═════ Records provided ═════

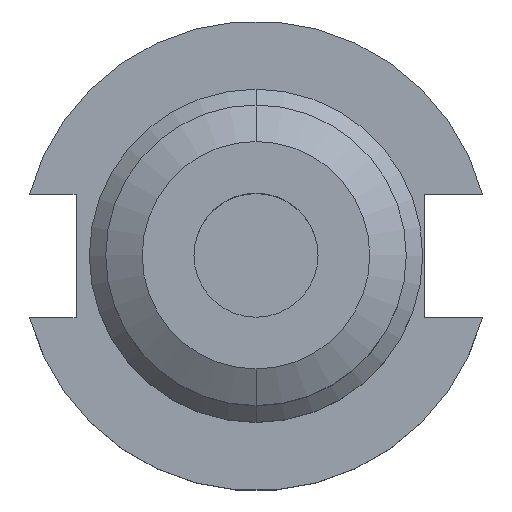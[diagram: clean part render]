
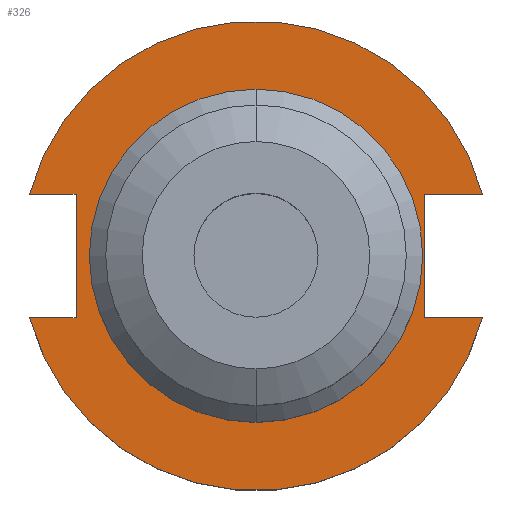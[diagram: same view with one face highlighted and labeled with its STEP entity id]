
A CAD part, top view. The second image highlights one B-rep face of the part: STEP entity #326.
In plain terms, the highlighted planar face has unit normal (0, 0, 1).
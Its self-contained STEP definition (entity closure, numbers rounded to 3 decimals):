
#13 = ORIENTED_EDGE ( 'NONE', *, *, #1957, .F. ) ;
#57 = DIRECTION ( 'NONE',  ( 1., 0., 0. ) ) ;
#88 = VERTEX_POINT ( 'NONE', #867 ) ;
#94 = CARTESIAN_POINT ( 'NONE',  ( -47.477, 12.954, 19.05 ) ) ;
#102 = VECTOR ( 'NONE', #531, 1000. ) ;
#140 = DIRECTION ( 'NONE',  ( 0., 1., 0. ) ) ;
#154 = AXIS2_PLACEMENT_3D ( 'NONE', #1098, #1109, #1115 ) ;
#165 = CIRCLE ( 'NONE', #1834, 34.925 ) ;
#173 = DIRECTION ( 'NONE',  ( 1., 0., 0. ) ) ;
#205 = LINE ( 'NONE', #641, #1795 ) ;
#214 = CARTESIAN_POINT ( 'NONE',  ( 34.925, 0., 19.05 ) ) ;
#247 = DIRECTION ( 'NONE',  ( 0., -1., 0. ) ) ;
#257 = EDGE_LOOP ( 'NONE', ( #320, #757 ) ) ;
#258 = EDGE_CURVE ( 'NONE', #1663, #1245, #362, .T. ) ;
#275 = CARTESIAN_POINT ( 'NONE',  ( 47.477, -12.954, 19.05 ) ) ;
#320 = ORIENTED_EDGE ( 'NONE', *, *, #1238, .F. ) ;
#326 = ADVANCED_FACE ( 'NONE', ( #668, #1753 ), #1450, .T. ) ;
#340 = VECTOR ( 'NONE', #1472, 1000. ) ;
#351 = LINE ( 'NONE', #1934, #1099 ) ;
#357 = VERTEX_POINT ( 'NONE', #214 ) ;
#362 = CIRCLE ( 'NONE', #1615, 49.212 ) ;
#369 = ORIENTED_EDGE ( 'NONE', *, *, #1863, .F. ) ;
#420 = LINE ( 'NONE', #1267, #102 ) ;
#430 = ORIENTED_EDGE ( 'NONE', *, *, #1153, .F. ) ;
#475 = LINE ( 'NONE', #920, #1631 ) ;
#499 = CIRCLE ( 'NONE', #154, 49.212 ) ;
#531 = DIRECTION ( 'NONE',  ( 1., 0., 0. ) ) ;
#598 = EDGE_LOOP ( 'NONE', ( #1150, #1549, #369, #803, #1200, #13, #430, #849 ) ) ;
#622 = CARTESIAN_POINT ( 'NONE',  ( 0., 0., 19.05 ) ) ;
#639 = EDGE_CURVE ( 'NONE', #806, #1092, #1571, .T. ) ;
#641 = CARTESIAN_POINT ( 'NONE',  ( -37.719, 12.954, 19.05 ) ) ;
#657 = DIRECTION ( 'NONE',  ( 0., 0., 1. ) ) ;
#658 = LINE ( 'NONE', #1812, #997 ) ;
#662 = DIRECTION ( 'NONE',  ( 1., 0., 0. ) ) ;
#668 = FACE_BOUND ( 'NONE', #257, .T. ) ;
#669 = CARTESIAN_POINT ( 'NONE',  ( 0., 0., 19.05 ) ) ;
#750 = DIRECTION ( 'NONE',  ( 0., 0., 1. ) ) ;
#755 = DIRECTION ( 'NONE',  ( 1., 0., 0. ) ) ;
#757 = ORIENTED_EDGE ( 'NONE', *, *, #1544, .F. ) ;
#803 = ORIENTED_EDGE ( 'NONE', *, *, #639, .F. ) ;
#806 = VERTEX_POINT ( 'NONE', #1005 ) ;
#849 = ORIENTED_EDGE ( 'NONE', *, *, #1748, .F. ) ;
#867 = CARTESIAN_POINT ( 'NONE',  ( -34.925, 0., 19.05 ) ) ;
#885 = AXIS2_PLACEMENT_3D ( 'NONE', #1907, #1143, #57 ) ;
#897 = AXIS2_PLACEMENT_3D ( 'NONE', #669, #750, #173 ) ;
#912 = VERTEX_POINT ( 'NONE', #1779 ) ;
#920 = CARTESIAN_POINT ( 'NONE',  ( -63.719, -12.954, 19.05 ) ) ;
#959 = DIRECTION ( 'NONE',  ( 0., 0., 1. ) ) ;
#965 = EDGE_CURVE ( 'NONE', #1015, #1245, #420, .T. ) ;
#988 = CARTESIAN_POINT ( 'NONE',  ( 0., 0., 19.05 ) ) ;
#997 = VECTOR ( 'NONE', #1804, 1000. ) ;
#1005 = CARTESIAN_POINT ( 'NONE',  ( 47.477, 12.954, 19.05 ) ) ;
#1015 = VERTEX_POINT ( 'NONE', #1711 ) ;
#1020 = DIRECTION ( 'NONE',  ( 1., 0., 0. ) ) ;
#1092 = VERTEX_POINT ( 'NONE', #1155 ) ;
#1098 = CARTESIAN_POINT ( 'NONE',  ( 0., 0., 19.05 ) ) ;
#1099 = VECTOR ( 'NONE', #247, 1000. ) ;
#1109 = DIRECTION ( 'NONE',  ( 0., 0., 1. ) ) ;
#1115 = DIRECTION ( 'NONE',  ( 1., 0., 0. ) ) ;
#1143 = DIRECTION ( 'NONE',  ( 0., 0., 1. ) ) ;
#1150 = ORIENTED_EDGE ( 'NONE', *, *, #258, .T. ) ;
#1153 = EDGE_CURVE ( 'NONE', #1644, #912, #205, .T. ) ;
#1155 = CARTESIAN_POINT ( 'NONE',  ( 35.306, 12.954, 19.05 ) ) ;
#1200 = ORIENTED_EDGE ( 'NONE', *, *, #1330, .T. ) ;
#1238 = EDGE_CURVE ( 'NONE', #357, #88, #165, .T. ) ;
#1245 = VERTEX_POINT ( 'NONE', #275 ) ;
#1267 = CARTESIAN_POINT ( 'NONE',  ( 35.306, -12.954, 19.05 ) ) ;
#1330 = EDGE_CURVE ( 'NONE', #806, #1852, #499, .T. ) ;
#1450 = PLANE ( 'NONE',  #885 ) ;
#1472 = DIRECTION ( 'NONE',  ( -1., 0., 0. ) ) ;
#1479 = CIRCLE ( 'NONE', #897, 34.925 ) ;
#1544 = EDGE_CURVE ( 'NONE', #88, #357, #1479, .T. ) ;
#1549 = ORIENTED_EDGE ( 'NONE', *, *, #965, .F. ) ;
#1571 = LINE ( 'NONE', #1608, #340 ) ;
#1608 = CARTESIAN_POINT ( 'NONE',  ( 35.306, 12.954, 19.05 ) ) ;
#1615 = AXIS2_PLACEMENT_3D ( 'NONE', #988, #959, #1020 ) ;
#1631 = VECTOR ( 'NONE', #755, 1000. ) ;
#1644 = VERTEX_POINT ( 'NONE', #1930 ) ;
#1657 = CARTESIAN_POINT ( 'NONE',  ( -47.477, -12.954, 19.05 ) ) ;
#1663 = VERTEX_POINT ( 'NONE', #1657 ) ;
#1711 = CARTESIAN_POINT ( 'NONE',  ( 35.306, -12.954, 19.05 ) ) ;
#1748 = EDGE_CURVE ( 'NONE', #1663, #1644, #475, .T. ) ;
#1753 = FACE_OUTER_BOUND ( 'NONE', #598, .T. ) ;
#1779 = CARTESIAN_POINT ( 'NONE',  ( -37.719, 12.954, 19.05 ) ) ;
#1795 = VECTOR ( 'NONE', #140, 1000. ) ;
#1804 = DIRECTION ( 'NONE',  ( -1., 0., 0. ) ) ;
#1812 = CARTESIAN_POINT ( 'NONE',  ( -63.719, 12.954, 19.05 ) ) ;
#1834 = AXIS2_PLACEMENT_3D ( 'NONE', #622, #657, #662 ) ;
#1852 = VERTEX_POINT ( 'NONE', #94 ) ;
#1863 = EDGE_CURVE ( 'NONE', #1092, #1015, #351, .T. ) ;
#1907 = CARTESIAN_POINT ( 'NONE',  ( 0., 49.212, 19.05 ) ) ;
#1930 = CARTESIAN_POINT ( 'NONE',  ( -37.719, -12.954, 19.05 ) ) ;
#1934 = CARTESIAN_POINT ( 'NONE',  ( 35.306, 12.954, 19.05 ) ) ;
#1957 = EDGE_CURVE ( 'NONE', #912, #1852, #658, .T. ) ;

═════

Keep only the lines from the line with "#1804 = DIRECTION" to the end of the records above, and repeat them exactly.

§ **Response to the task**:
#1804 = DIRECTION ( 'NONE',  ( -1., 0., 0. ) ) ;
#1812 = CARTESIAN_POINT ( 'NONE',  ( -63.719, 12.954, 19.05 ) ) ;
#1834 = AXIS2_PLACEMENT_3D ( 'NONE', #622, #657, #662 ) ;
#1852 = VERTEX_POINT ( 'NONE', #94 ) ;
#1863 = EDGE_CURVE ( 'NONE', #1092, #1015, #351, .T. ) ;
#1907 = CARTESIAN_POINT ( 'NONE',  ( 0., 49.212, 19.05 ) ) ;
#1930 = CARTESIAN_POINT ( 'NONE',  ( -37.719, -12.954, 19.05 ) ) ;
#1934 = CARTESIAN_POINT ( 'NONE',  ( 35.306, 12.954, 19.05 ) ) ;
#1957 = EDGE_CURVE ( 'NONE', #912, #1852, #658, .T. ) ;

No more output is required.